There is an interesting implication in this thinking. The solutions are myriad, but the problem seems to be defined in a roughly common way across the decentralized respondents. That is, people seem to be agreeing as to what they are trying to accomplish and, by extension, what criteria constitute success. Along these lines, the scholar Jaron Lanier argues that The Wisdom of Crowds is maximally useful when the issue confronting the crowd is defined in advance and possesses a simple, often numerical, solution.

Stated differently, decentralization requires one to strike a careful balance between two extremes. On the one hand, crowd members must have enough local and/or specialized knowledge in order to have something unique to add to the solution. On the other hand, they need to share a common understanding of the problem they are collectively facing. If a set of crowd members views the problem in different terms (e.g., disagrees as to what criteria constitute success), then it will be difficult for the suggestions to be meaningfully combined. Success is equilibrium. If the crowd becomes too homogenous, then each participant has to contribute beyond what is already added by the other. However, if the crowd becomes too heterogeneous, then they may not conceptualize their task in different terms. In essence, they will no longer be working on the same problem.

The fourth and final caveat concerns aggregation. There needs to be an appropriate way to combine the individual responses into an overall judgment. According to Classical Test Theory, this should be straightforward, assuming that the accurate part of the judgment is stable and the inaccurate part (the error) is randomly distributed. Right away, this analysis gives us some cause for worry. What if there is no accurate component contained within the individual judgments, stable or otherwise? It is possible that none of the participants possess any part of the correct answer.

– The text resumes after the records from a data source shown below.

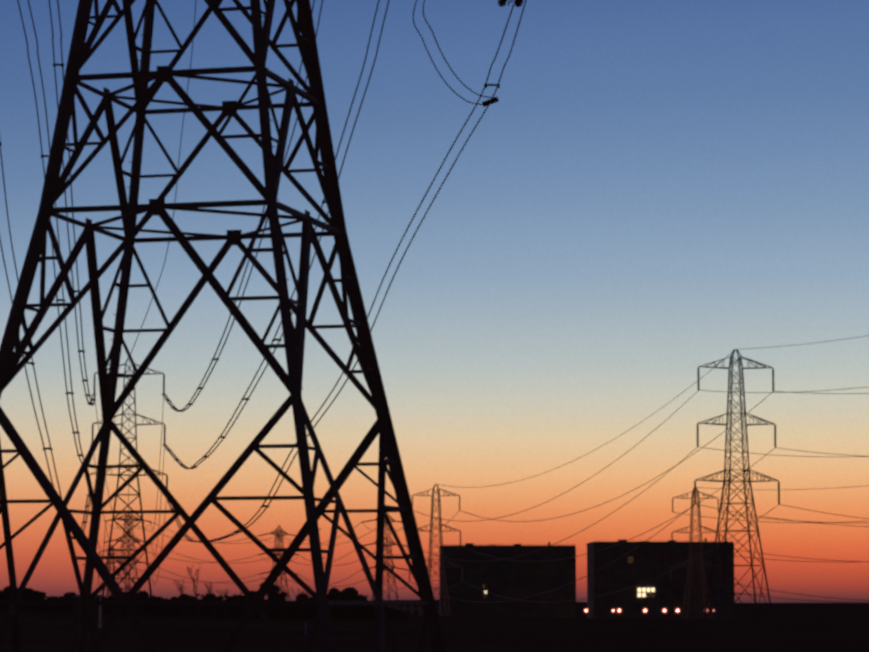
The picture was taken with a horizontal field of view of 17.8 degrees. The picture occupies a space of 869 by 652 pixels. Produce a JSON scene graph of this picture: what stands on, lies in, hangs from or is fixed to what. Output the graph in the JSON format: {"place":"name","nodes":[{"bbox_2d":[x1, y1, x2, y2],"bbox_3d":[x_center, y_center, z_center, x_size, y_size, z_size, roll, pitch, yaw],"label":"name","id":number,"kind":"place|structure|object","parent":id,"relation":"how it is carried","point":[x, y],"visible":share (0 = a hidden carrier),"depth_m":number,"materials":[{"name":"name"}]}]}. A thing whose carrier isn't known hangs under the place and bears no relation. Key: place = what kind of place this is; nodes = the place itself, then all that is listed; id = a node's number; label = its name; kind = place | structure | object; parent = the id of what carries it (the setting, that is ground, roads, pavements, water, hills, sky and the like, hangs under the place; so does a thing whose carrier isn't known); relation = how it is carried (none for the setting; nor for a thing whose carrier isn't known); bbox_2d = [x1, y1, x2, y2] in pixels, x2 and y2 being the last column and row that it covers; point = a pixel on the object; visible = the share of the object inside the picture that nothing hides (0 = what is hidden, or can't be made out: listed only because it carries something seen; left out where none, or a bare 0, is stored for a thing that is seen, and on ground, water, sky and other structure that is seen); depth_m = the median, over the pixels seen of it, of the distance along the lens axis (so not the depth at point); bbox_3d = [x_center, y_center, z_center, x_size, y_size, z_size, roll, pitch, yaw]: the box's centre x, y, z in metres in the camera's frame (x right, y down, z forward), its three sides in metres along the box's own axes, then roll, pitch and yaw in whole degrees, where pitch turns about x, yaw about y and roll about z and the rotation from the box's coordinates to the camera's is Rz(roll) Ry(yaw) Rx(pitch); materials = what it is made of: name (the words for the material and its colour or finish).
{"place":"outdoors","nodes":[
{"label":"outdoors","id":0,"kind":"place"},
{"bbox_2d":[388,605,420,614],"bbox_3d":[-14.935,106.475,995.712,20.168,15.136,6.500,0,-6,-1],"label":"fence","id":1,"kind":"object","parent":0,"point":[411,608],"depth_m":993.16,"materials":[{"name":"black metal"}]},
{"bbox_2d":[0,600,868,651],"bbox_3d":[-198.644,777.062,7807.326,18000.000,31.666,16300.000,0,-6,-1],"label":"ground","id":2,"kind":"structure","parent":0,"point":[818,627],"depth_m":282.53,"materials":[{"name":"soil"}]},
{"bbox_2d":[0,589,4,611],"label":"hedgerow tree","id":3,"kind":"object","parent":2,"relation":"on","point":[2,596],"visible":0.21,"depth_m":428.57,"materials":[{"name":"black plant"}]},
{"bbox_2d":[3,585,36,611],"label":"hedgerow tree","id":4,"kind":"object","parent":2,"relation":"on","point":[28,594],"visible":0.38,"depth_m":424.15,"materials":[{"name":"black plant"}]},
{"bbox_2d":[32,590,46,610],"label":"bush","id":5,"kind":"object","parent":2,"relation":"on","point":[40,596],"visible":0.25,"depth_m":439.12,"materials":[{"name":"black plant"}]},
{"bbox_2d":[38,596,61,612],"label":"hedgerow tree","id":6,"kind":"object","parent":2,"relation":"on","point":[45,608],"visible":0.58,"depth_m":424.31,"materials":[{"name":"black plant"}]},
{"bbox_2d":[58,596,72,612],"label":"bush","id":7,"kind":"object","parent":2,"relation":"on","point":[61,609],"visible":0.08,"depth_m":430.30,"materials":[{"name":"black plant"}]},
{"bbox_2d":[62,592,76,612],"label":"bush","id":8,"kind":"object","parent":2,"relation":"on","point":[66,596],"visible":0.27,"depth_m":422.27,"materials":[{"name":"black plant"}]},
{"bbox_2d":[71,595,103,627],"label":"shed","id":9,"kind":"structure","parent":2,"relation":"on","point":[96,613],"depth_m":296.01,"materials":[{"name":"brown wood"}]},
{"bbox_2d":[101,596,113,612],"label":"bush","id":10,"kind":"object","parent":2,"relation":"on","point":[106,608],"visible":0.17,"depth_m":430.43,"materials":[{"name":"black plant"}]},
{"bbox_2d":[97,547,124,596],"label":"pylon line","id":11,"kind":"object","parent":2,"relation":"on","point":[114,567],"visible":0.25,"depth_m":1488.42,"materials":[{"name":"grey metal"}]},
{"bbox_2d":[88,357,167,595],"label":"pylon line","id":12,"kind":"object","parent":2,"relation":"on","point":[119,474],"visible":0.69,"depth_m":553.83,"materials":[{"name":"metal"}]},
{"bbox_2d":[104,514,151,591],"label":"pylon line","id":13,"kind":"object","parent":2,"relation":"on","point":[127,546],"visible":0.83,"depth_m":992.77,"materials":[{"name":"grey metal"}]},
{"bbox_2d":[136,590,149,609],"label":"bush","id":14,"kind":"object","parent":2,"relation":"on","point":[143,595],"visible":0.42,"depth_m":418.76,"materials":[{"name":"black plant"}]},
{"bbox_2d":[149,595,163,605],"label":"bush","id":15,"kind":"object","parent":2,"relation":"on","point":[154,598],"visible":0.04,"depth_m":425.23,"materials":[{"name":"black plant"}]},
{"bbox_2d":[162,596,182,600],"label":"hedgerow tree","id":16,"kind":"object","parent":2,"relation":"on","point":[174,598],"visible":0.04,"depth_m":420.77,"materials":[{"name":"black plant"}]},
{"bbox_2d":[173,578,185,617],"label":"bare tree","id":17,"kind":"object","parent":2,"relation":"on","point":[181,587],"visible":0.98,"depth_m":395.54,"materials":[{"name":"black plant"}]},
{"bbox_2d":[178,594,195,600],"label":"bush","id":18,"kind":"object","parent":2,"relation":"on","point":[187,597],"visible":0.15,"depth_m":430.73,"materials":[{"name":"black plant"}]},
{"bbox_2d":[186,563,200,618],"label":"bare tree","id":19,"kind":"object","parent":2,"relation":"on","point":[194,580],"visible":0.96,"depth_m":390.60,"materials":[{"name":"black plant"}]},
{"bbox_2d":[197,593,218,600],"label":"bush","id":20,"kind":"object","parent":2,"relation":"on","point":[206,597],"visible":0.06,"depth_m":424.85,"materials":[{"name":"black plant"}]},
{"bbox_2d":[204,582,214,617],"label":"bare tree","id":21,"kind":"object","parent":2,"relation":"on","point":[209,589],"visible":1,"depth_m":400.36,"materials":[{"name":"black plant"}]},
{"bbox_2d":[216,588,229,618],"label":"bare tree","id":22,"kind":"object","parent":2,"relation":"on","point":[225,594],"visible":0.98,"depth_m":395.60,"materials":[{"name":"black plant"}]},
{"bbox_2d":[223,594,244,607],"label":"bush","id":23,"kind":"object","parent":2,"relation":"on","point":[234,597],"visible":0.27,"depth_m":420.92,"materials":[{"name":"black plant"}]},
{"bbox_2d":[259,582,280,600],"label":"hedgerow tree","id":24,"kind":"object","parent":2,"relation":"on","point":[272,593],"visible":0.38,"depth_m":415.42,"materials":[{"name":"black plant"}]},
{"bbox_2d":[259,525,298,600],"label":"transmission tower","id":25,"kind":"structure","parent":2,"relation":"on","point":[277,534],"depth_m":1073.52,"materials":[{"name":"grey metal"}]},
{"bbox_2d":[277,591,286,600],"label":"hedgerow tree","id":26,"kind":"object","parent":2,"relation":"on","point":[282,595],"visible":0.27,"depth_m":425.62,"materials":[{"name":"black plant"}]},
{"bbox_2d":[290,588,308,620],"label":"bare tree","id":27,"kind":"object","parent":2,"relation":"on","point":[305,596],"visible":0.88,"depth_m":385.97,"materials":[{"name":"black plant"}]},
{"bbox_2d":[295,593,315,600],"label":"bush","id":28,"kind":"object","parent":2,"relation":"on","point":[310,598],"visible":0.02,"depth_m":434.90,"materials":[{"name":"black plant"}]},
{"bbox_2d":[327,593,335,605],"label":"hedgerow tree","id":29,"kind":"object","parent":2,"relation":"on","point":[330,598],"visible":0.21,"depth_m":425.51,"materials":[{"name":"black plant"}]},
{"bbox_2d":[328,587,358,610],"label":"hedgerow tree","id":30,"kind":"object","parent":2,"relation":"on","point":[349,594],"visible":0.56,"depth_m":420.44,"materials":[{"name":"black plant"}]},
{"bbox_2d":[355,594,367,605],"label":"bush","id":31,"kind":"object","parent":2,"relation":"on","point":[360,597],"visible":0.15,"depth_m":429.98,"materials":[{"name":"black plant"}]},
{"bbox_2d":[361,512,407,609],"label":"transmission tower","id":32,"kind":"structure","parent":2,"relation":"on","point":[388,552],"depth_m":875.29,"materials":[{"name":"grey metal"}]},
{"bbox_2d":[0,0,868,651],"bbox_3d":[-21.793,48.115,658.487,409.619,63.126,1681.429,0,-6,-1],"label":"power lines","id":33,"kind":"object","parent":2,"relation":"on","point":[56,184],"visible":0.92,"depth_m":89.95,"materials":[{"name":"metal"}]},
{"bbox_2d":[409,484,462,615],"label":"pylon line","id":34,"kind":"object","parent":2,"relation":"on","point":[436,535],"visible":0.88,"depth_m":793.73,"materials":[{"name":"grey metal"}]},
{"bbox_2d":[439,542,575,617],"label":"reactor building","id":35,"kind":"structure","parent":2,"relation":"on","point":[519,578],"depth_m":1992.07,"materials":[{"name":"black concrete"}]},
{"bbox_2d":[586,538,734,618],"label":"reactor building","id":36,"kind":"structure","parent":2,"relation":"on","point":[655,598],"depth_m":2024.86,"materials":[{"name":"black concrete"}]},
{"bbox_2d":[670,487,721,618],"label":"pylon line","id":37,"kind":"object","parent":2,"relation":"on","point":[699,538],"visible":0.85,"depth_m":820.25,"materials":[{"name":"grey metal"}]},
{"bbox_2d":[694,349,779,622],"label":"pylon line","id":38,"kind":"object","parent":2,"relation":"on","point":[724,480],"visible":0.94,"depth_m":494.30,"materials":[{"name":"metal"}]},
{"bbox_2d":[0,0,868,602],"label":"sky","id":39,"kind":"structure","parent":0,"point":[651,192],"materials":[{"name":"blue"}]}
]}

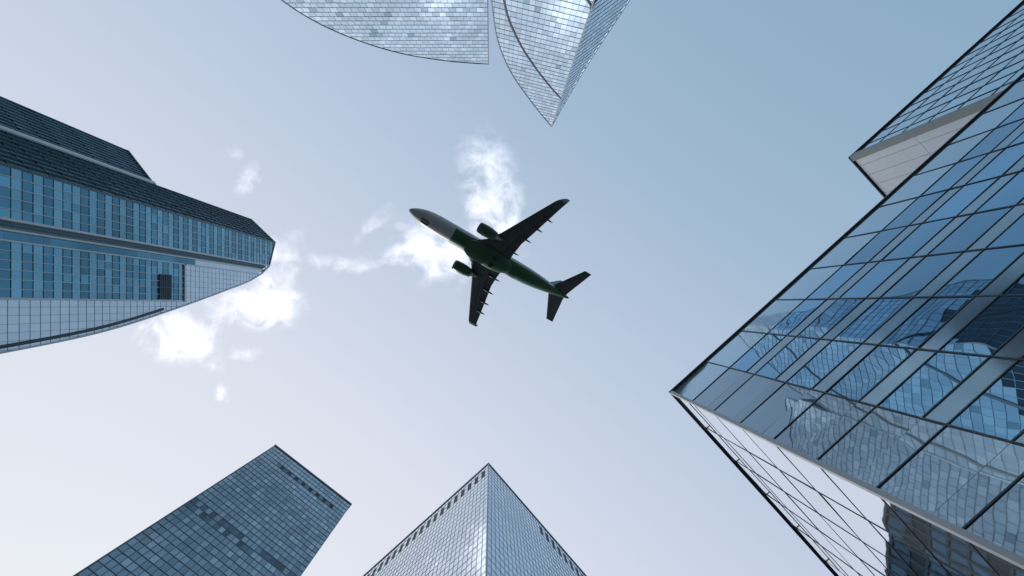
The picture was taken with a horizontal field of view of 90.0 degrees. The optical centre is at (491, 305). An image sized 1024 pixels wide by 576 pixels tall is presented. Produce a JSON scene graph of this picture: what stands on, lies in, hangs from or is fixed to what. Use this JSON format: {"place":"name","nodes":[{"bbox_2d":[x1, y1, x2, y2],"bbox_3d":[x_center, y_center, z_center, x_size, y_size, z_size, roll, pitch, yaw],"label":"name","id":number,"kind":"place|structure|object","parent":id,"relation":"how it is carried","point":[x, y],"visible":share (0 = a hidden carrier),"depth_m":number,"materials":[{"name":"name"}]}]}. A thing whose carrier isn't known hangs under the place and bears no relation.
{"place":"outdoors","nodes":[
{"label":"outdoors","id":0,"kind":"place"},
{"bbox_2d":[281,0,488,64],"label":"curved glass tower","id":1,"kind":"structure","parent":0,"point":[457,31],"depth_m":146.05,"materials":[{"name":"blue glass"}]},
{"bbox_2d":[363,462,586,575],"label":"office tower","id":2,"kind":"structure","parent":0,"point":[484,521],"depth_m":125.10,"materials":[{"name":"blue glass"}]},
{"bbox_2d":[409,199,590,326],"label":"passenger airplane","id":3,"kind":"object","parent":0,"point":[491,258],"visible":1,"depth_m":104.97,"materials":[{"name":"black paint"}]},
{"bbox_2d":[0,0,1021,575],"label":"sky","id":4,"kind":"structure","parent":0,"point":[699,156],"materials":[{"name":"blue"}]},
{"bbox_2d":[491,0,629,126],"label":"curved glass tower","id":5,"kind":"structure","parent":0,"point":[548,49],"depth_m":126.49,"materials":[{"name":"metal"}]},
{"label":"plaza pavement","id":6,"kind":"structure","parent":0,"visible":0},
{"bbox_2d":[670,391,1023,568],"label":"corner post","id":7,"kind":"object","parent":6,"relation":"on","point":[989,546],"visible":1,"depth_m":18.02,"materials":[{"name":"metal"}]},
{"bbox_2d":[674,76,1023,575],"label":"curtain wall","id":8,"kind":"structure","parent":6,"relation":"on","point":[944,465],"depth_m":25.34,"materials":[{"name":"blue glass"}]},
{"bbox_2d":[669,72,1023,575],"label":"mullions","id":9,"kind":"object","parent":8,"relation":"attached to","point":[984,509],"visible":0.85,"depth_m":29.18,"materials":[{"name":"black metal"}]},
{"bbox_2d":[715,390,1007,513],"bbox_3d":[54.322,2.851,19.050,64.437,41.300,47.241,-42,-90,0],"label":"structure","id":10,"kind":"object","parent":6,"relation":"on","point":[898,439],"depth_m":16.91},
{"bbox_2d":[848,0,1023,196],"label":"mullions","id":11,"kind":"object","parent":10,"relation":"on","point":[870,180],"visible":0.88,"depth_m":62.47,"materials":[{"name":"black metal"}]},
{"bbox_2d":[856,111,979,195],"bbox_3d":[53.172,-11.679,52.000,0.200,27.960,19.960,-42,-90,0],"label":"metal panel flank","id":12,"kind":"object","parent":11,"relation":"attached to","point":[888,170],"visible":0.23,"depth_m":59.92,"materials":[{"name":"grey metal"}]},
{"bbox_2d":[850,90,1002,160],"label":"corner trim","id":13,"kind":"structure","parent":11,"relation":"attached to","point":[963,112],"depth_m":54.59,"materials":[{"name":"grey metal"}]},
{"bbox_2d":[859,3,1023,150],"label":"curtain wall","id":14,"kind":"structure","parent":11,"relation":"attached to","point":[982,82],"depth_m":58.39,"materials":[{"name":"blue glass"}]},
{"label":"ground","id":15,"kind":"structure","parent":0,"visible":0},
{"bbox_2d":[0,96,275,353],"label":"stepped glass skyscraper","id":16,"kind":"structure","parent":15,"relation":"on","point":[98,235],"depth_m":89.53,"materials":[{"name":"blue glass"}]},
{"bbox_2d":[73,444,351,575],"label":"office tower","id":17,"kind":"structure","parent":15,"relation":"on","point":[275,510],"depth_m":111.82,"materials":[{"name":"blue glass"}]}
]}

If this were to occur, then there would not be a true score. Hence, aggregation would be unable to recover the best answer. To be sure, The Wisdom of Crowds would produce some answer, but it would probably not be an answer that we would feel comfortable trusting. Suppose we had to estimate the number of jellybeans, but we were not allowed to see the size of the jar? In this case, our guesses would likely be positive but would otherwise be close to random. There might not be an accurate component to our guesses, even though we would obtain an estimate greater than zero (e.g., the average of positive numbers, even random positive numbers, is positive). However, we would be fooling ourselves if we believed that the procedure was yielding valid information.

This is a matter of some seriousness when one is seeking to address a novel problem, for which an objective correct solution does not yet exist. When this occurs, the “accurate component” (if that is the best way to state the matter) may be very small. In the aforementioned book, You are Not a Gadget, Jaron Lanier argues that The Wisdom of Crowds may not provide the most effective decision techniques when the task requires innovativeness and creativity. Our present analysis suggests that Lanier has a point. If the correct answer or a part of the correct answer is not widely known, there isn’t a valid true score around which the crowd’s responses can converge. Surowiecki’s method of crowdsourcing will not work well.

The problem with Surowiecki’s The Wisdom of Crowds is not that it is so much wrong, as that it has to be used with great care. It can work, but only for certain types of problems, certain types of crowds, and in certain situations. To re-state the caveats, Surowiecki suggests that the best decisions will be made when the participants provide individual judgments (independence), that are pulled from a broad sample (diversity of opinion), and then take idiosyncratic perspectives using special skills and/or local knowledge (decentralization). These individual judgments are then combined in a way that reduces decision errors (aggregation). When they are met, then The Wisdom of Crowds promises effective solutions. However, these are tough standards, and they shouldn’t be taken lightly.